Viel zu schnell erreiche ich den Gipfel (zumindest bin ich dieser Meinung). Ich rufe meine Frau an, um mich schon für das Mittagessen zurückzumelden.

Blick nach Admont. Der Himmel ist wolkenbedeckt und immer wieder nieselt es leicht.

Erst der Blick in das Gipfelbuch lässt mich stutzig werden. Dörfelstein West / Hallergipfel? Nur 1054 m hoch? Der Blick auf mein GPS sagt mir, dass hier kein Gipfel ist.

Trotzdem mache ich ein Foto mit dem nicht vorhandenen Gipfelkreuz auf diesem nicht vorhandenen Gipfel. Da kenn‘ ich keine falsche Scham.

Wenn das nicht der Gipfel ist, muss dieser woanders zu finden sein. Auf einem schönen, schmalen Steiglein, immer den von Föhren gesäumten Kamm entlang, gehe ich weiter.

Viele Wege führen auf diesen Grat. Sogar einen Zustieg mit Sicherungsseil von der Nordseite (Pitzalm) gibt es. Der Grat mit seinen Föhren schafft eine ganz eigene Laune bei seiner Begehung.
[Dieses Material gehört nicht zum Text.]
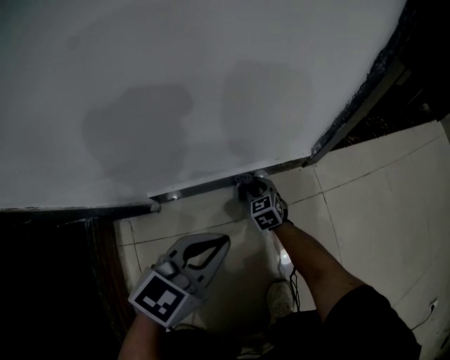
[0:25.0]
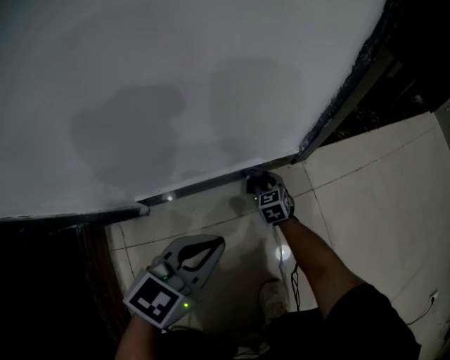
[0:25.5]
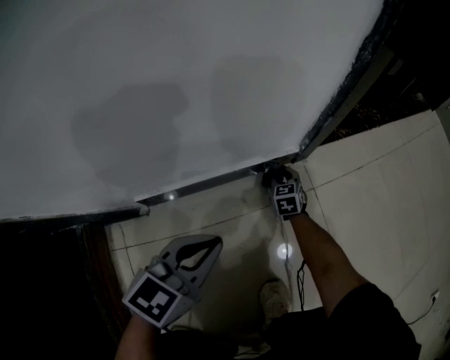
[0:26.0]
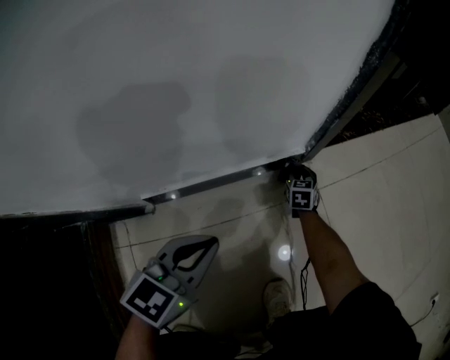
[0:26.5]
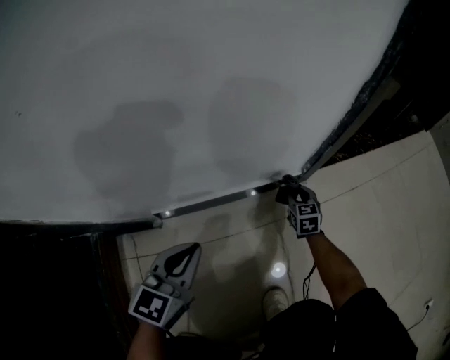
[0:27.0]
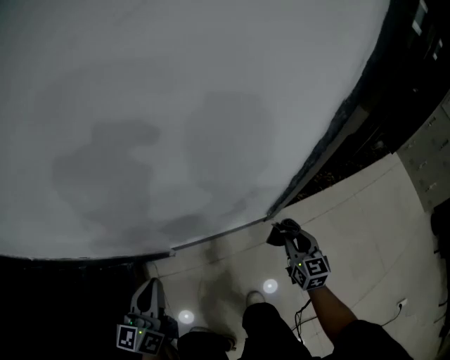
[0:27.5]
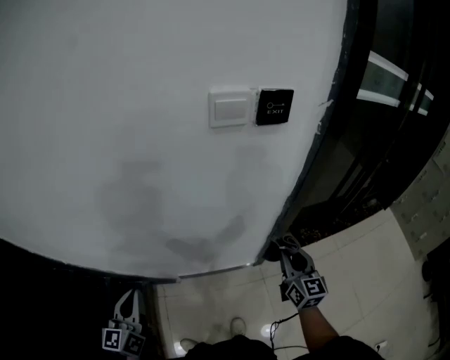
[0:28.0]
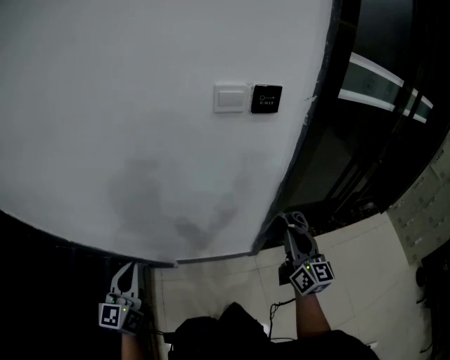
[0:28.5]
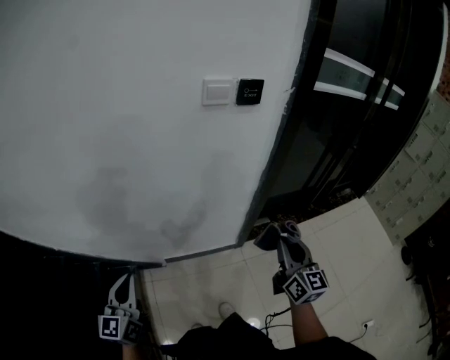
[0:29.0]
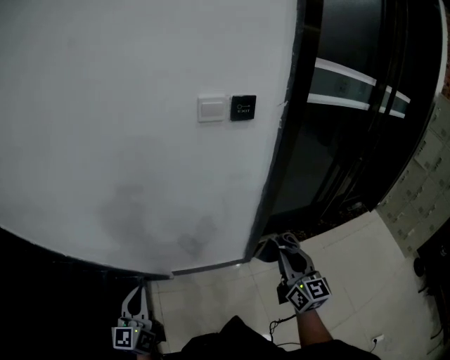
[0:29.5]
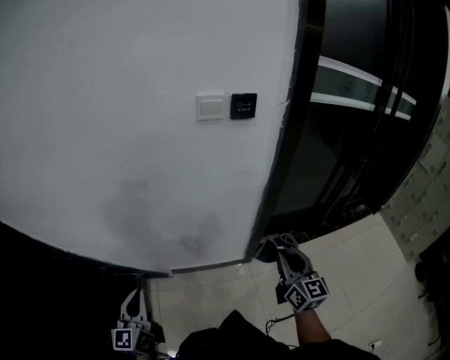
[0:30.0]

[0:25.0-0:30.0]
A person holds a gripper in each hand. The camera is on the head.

Jetzt habe ich den echten, den richtigen und wahren Gipfel erreicht. Dörfelstein Ost bzw. Wengergipfel mit 1074 m.

Die Höhe gibt zugleich das Gründungsdatum des Stiftes Admont an (E. Kren, Tourenbuch Gesäuse).

Nicht einmal die Haller Mauern oder den Pleschberg oder die Buchsteine kann ich erkennen. Genau so gut könnte ich irgendwo in Nordfriesland unter einer Wolkendecke stehen.

Hinter dem Lärcheck (1488 m), das ist die bewaldete Erhebung im Vordergrund, kann ich den Natterriegel (2065 m) erkennen. Im Graben rechts vom Lärcheck, führt der Haller Zustieg zum Admonter Haus.

Wie in einem Berggemälde von E.T. Compton präsentiert sich der Gesäuseeingang.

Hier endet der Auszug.